10 Maio 2013 – João Villaret: centenário do nascimento

Imagem1

Filho do médico Frederico Villaret e de D. Josefina Gouveia da Silva Pereira, João Henrique Pereira Villaret nasceu em Lisboa (no n.º 69 da rua da Boavista, freguesia de São Paulo), a 10 de Maio de 1913.

A vocação artística manifestou-se nele em tenra idade, mas não sem se deparar com algumas incompreensões e contrariedades. Primeiro foi a família que não levava a sério as suas exibições baléticas privadas, embora lhes achasse graça. Depois foi Miss Price, directora do Anglo-Portuguese College (à Calçada Marquês de Abrantes), que resolveu excluí-lo, à última hora, de uma récita escolar por alegada falta de jeito para representar o papel que lhe fora atribuído. Mas o triste episódio, em vez de o derrotar, teve o condão de reforçar a confiança em si mesmo, avivando-lhe o desejo de se tornar actor. Ele tinha de provar à professora e aos colegas que troçavam dele que sabia representar, e que fora uma injustiça a sua exclusão.

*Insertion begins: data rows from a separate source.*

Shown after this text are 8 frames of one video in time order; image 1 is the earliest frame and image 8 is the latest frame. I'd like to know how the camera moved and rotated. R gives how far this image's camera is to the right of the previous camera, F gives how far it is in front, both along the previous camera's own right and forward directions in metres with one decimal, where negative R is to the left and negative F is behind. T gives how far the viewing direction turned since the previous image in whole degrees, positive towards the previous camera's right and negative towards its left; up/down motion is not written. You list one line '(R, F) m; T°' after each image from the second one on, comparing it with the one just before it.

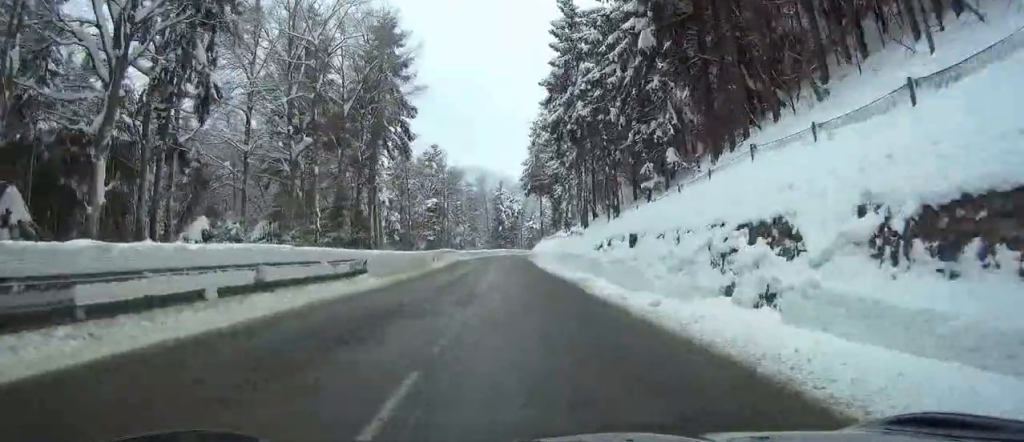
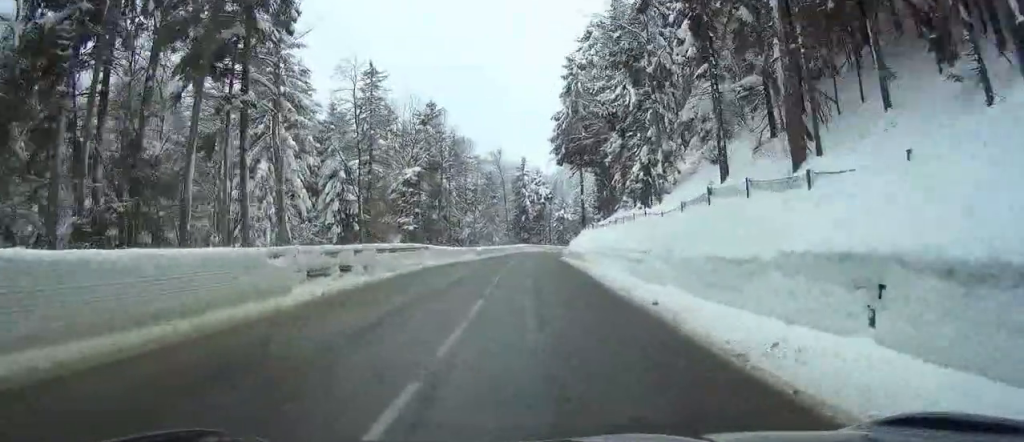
(0.0, +29.2) m; 0°
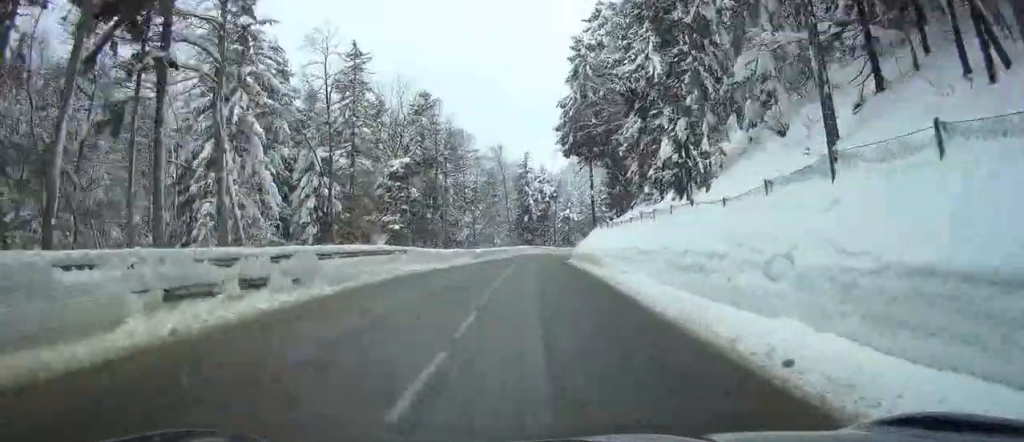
(0.0, +6.8) m; 0°
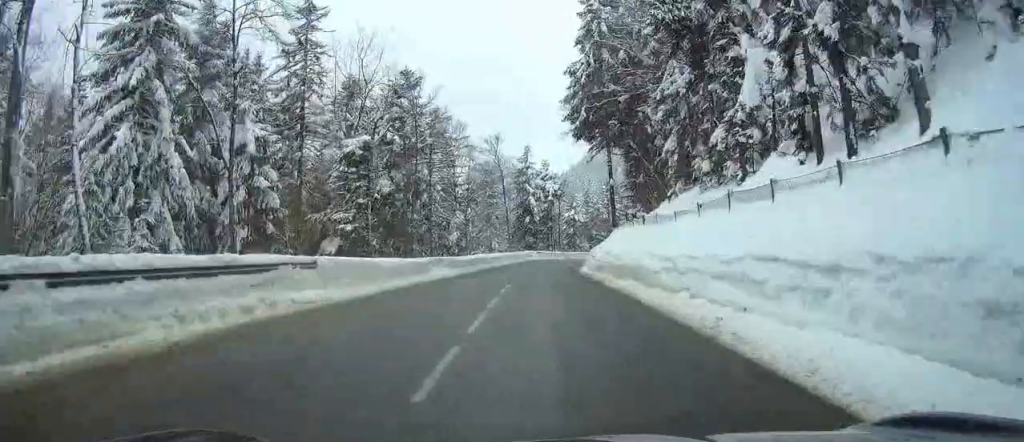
(0.0, +11.1) m; 0°
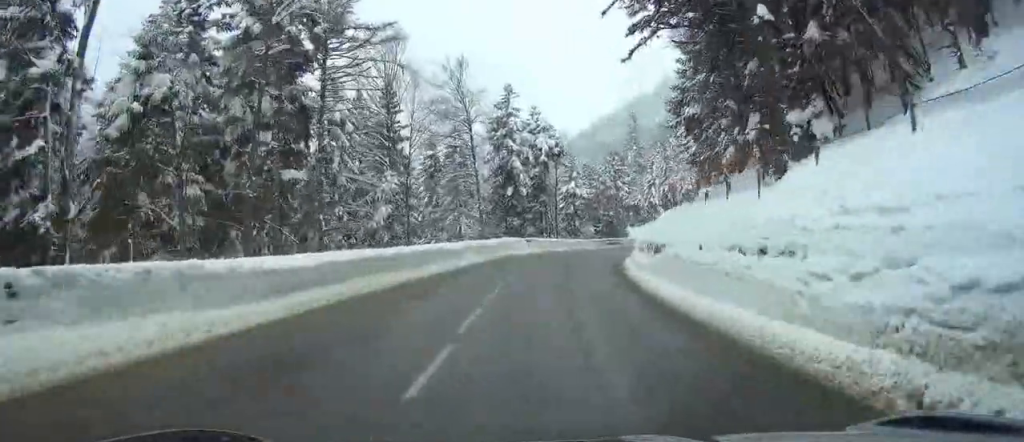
(-0.2, +29.5) m; -1°
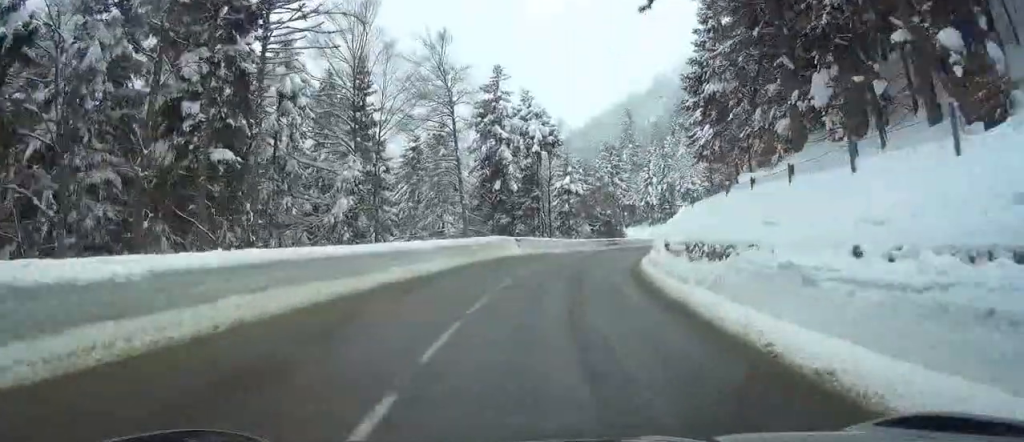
(0.0, +7.7) m; 0°
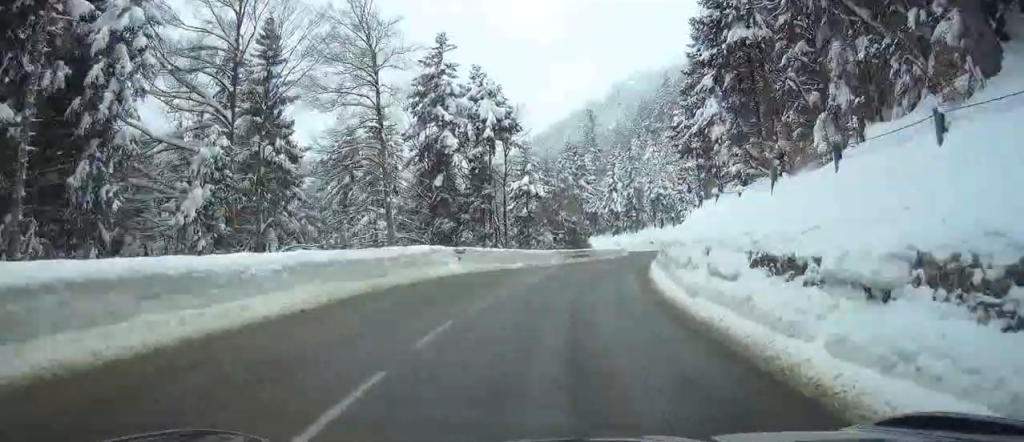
(0.0, +10.8) m; 0°
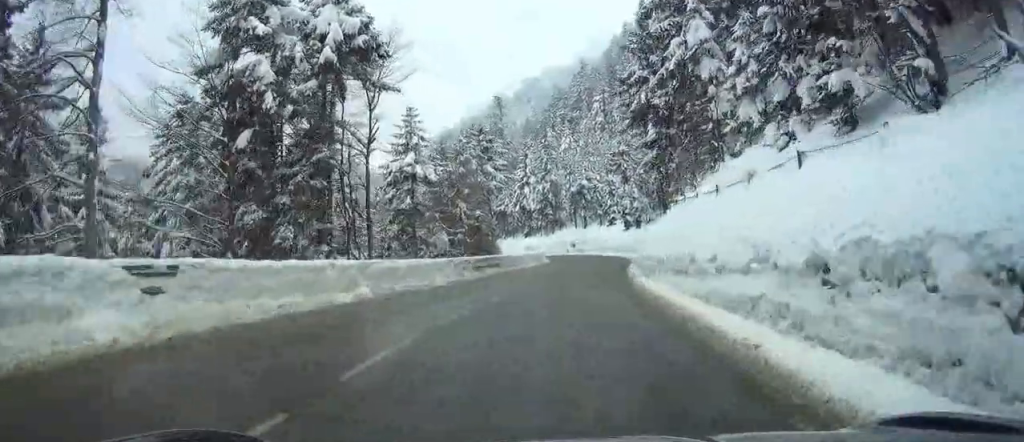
(+0.6, +19.0) m; +8°

Concluída a instrução primária, ingressou no Liceu Passos Manuel, calhando-lhe em sorte uma professora, Amália de seu nome, que não demorará a devotar-lhe uma grande e incondicional admiração. Chamava-lhe, com muita ternura, “Frei João sem cuidados”. E talvez por essa empatia, por esse reconhecimento das suas potencialidades, Villaret lia de tal maneira “Os Lusíadas” que a docente ficava rendida e nem se atrevia a sugerir qualquer alteração. Pelo precoce entendimento que tinha da poesia, e por se considerar a sua leitura tão exemplar, o jovem era enviado para as salas do 7.º ano (actual 11.º ano de escolaridade) a ensinar os colegas mais velhos como se devia ler o nosso grande épico.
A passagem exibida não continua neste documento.